━━━ AVAILABLE DATA
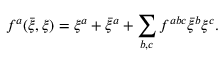
f ^ { a } ( { \bar { \xi } } , \xi ) = \xi ^ { a } + { \bar { \xi } } ^ { a } + \sum _ { b , c } f ^ { a b c } { \bar { \xi } } ^ { b } \xi ^ { c } .
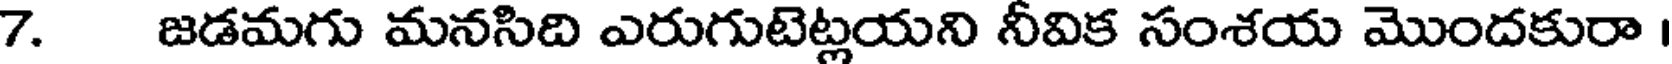
7. జడమగు మనసిది ఎరుగుటెట్లయని నీవిక సంశయ మొందకురా
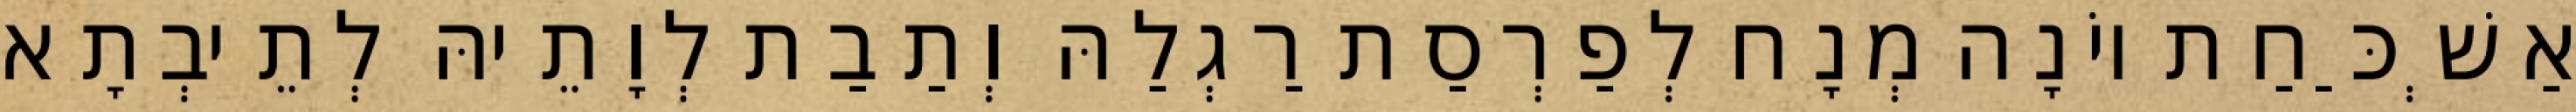
אַשְׁכַּחַת יוֹנָה מְנָח לְפַרְסַת רַגְלַהּ וְתַבַת לְוָתֵיהּ לְתֵיבְתָא
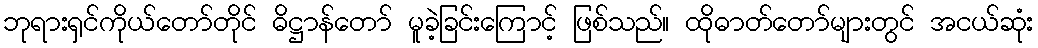
ဘုရားရှင်ကိုယ်တော်တိုင် ဓိဋ္ဌာန်တော် မူခဲ့ခြင်းကြောင့် ဖြစ်သည်။ ထိုဓာတ်တော်များတွင် အငယ်ဆုံး
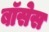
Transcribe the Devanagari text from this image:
बॉसेस
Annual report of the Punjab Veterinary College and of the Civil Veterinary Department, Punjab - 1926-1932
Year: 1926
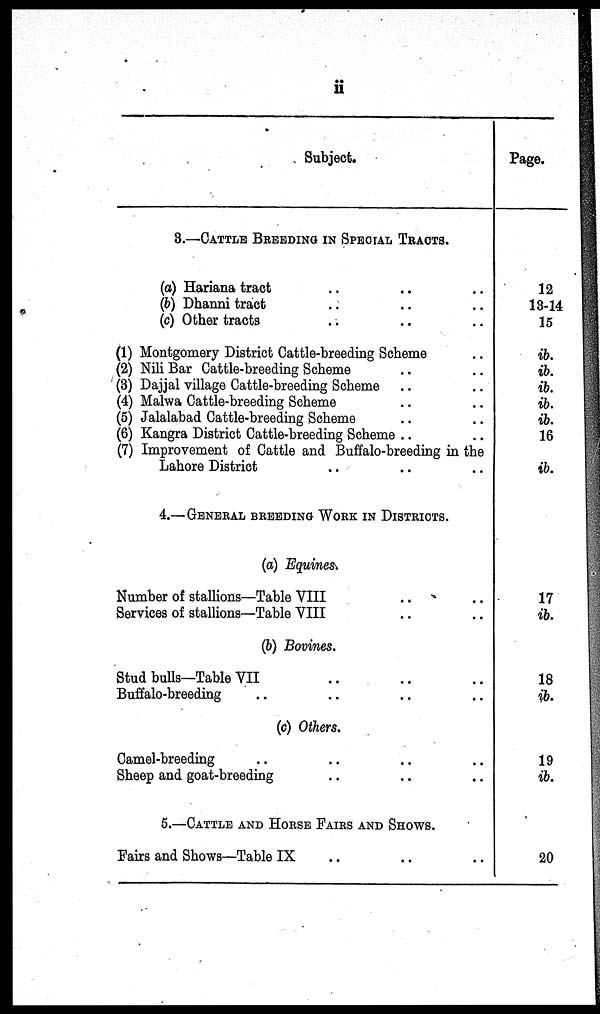
ii
Subject.
3.—CATTLE BREEEDING IN SPECIAL TRACTS.
(a) Hariana tract .. .. ..
(b) Dhanni tract .. .. ..
(c) Other tracts .. .. ..
(1) Montgomery District Cattle-breeding Scheme ..
(2) Nili Bar Cattle-breeding Scheme .. ..
(3) Dajjal village Cattle-breeding Scheme .. ..
(4) Malwa Cattle-breeding Scheme .. ..
(5) Jalalabad Cattle-breeding Scheme .. ..
(6) Kangra District Cattle-breeding Scheme .. ..
(7) Improvement of Cattle and Buffalo-breeding in the
Lahore District .. .. ..
4.—GENERAL BREEDING WORK IN DISTRICT.
(a) Equines
Number of stallions—Table VIII .. ..
Services of stallions—Table VIII .. ..
(b) Bovines.
Stud bulls—Table VII .. .. ..
Buffalo-breeding .. .. .. ..
(c) Others.
Camel-breeding .. .. .. ..
Sheep and goat-breeding .. .. ..
5.—CATTLE AND HORSE FAIRS AND SHOWS.
Fairs and Shows—Table IX .. .. ..
Page.
12
13-14
15
ib.
ib.
ib.
ib.
ib.
16
ib.
17
ib.
18
ib.
19
ib.
20
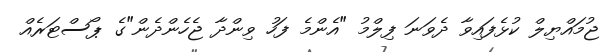
ޖުމައްޔިލް ކުޅެފައިވާ ދެވަނަ ފިލްމު "އެންމެ ފަހު ވިންދާ ޖެހެންދެން"ގެ ޕޯސްޓަރެއް
━━━━━━
Please show each line in the records above that contains "Buffalo".

(7) Improvement of Cattle and Buffalo-breeding in the
Buffalo-breeding .. .. .. ..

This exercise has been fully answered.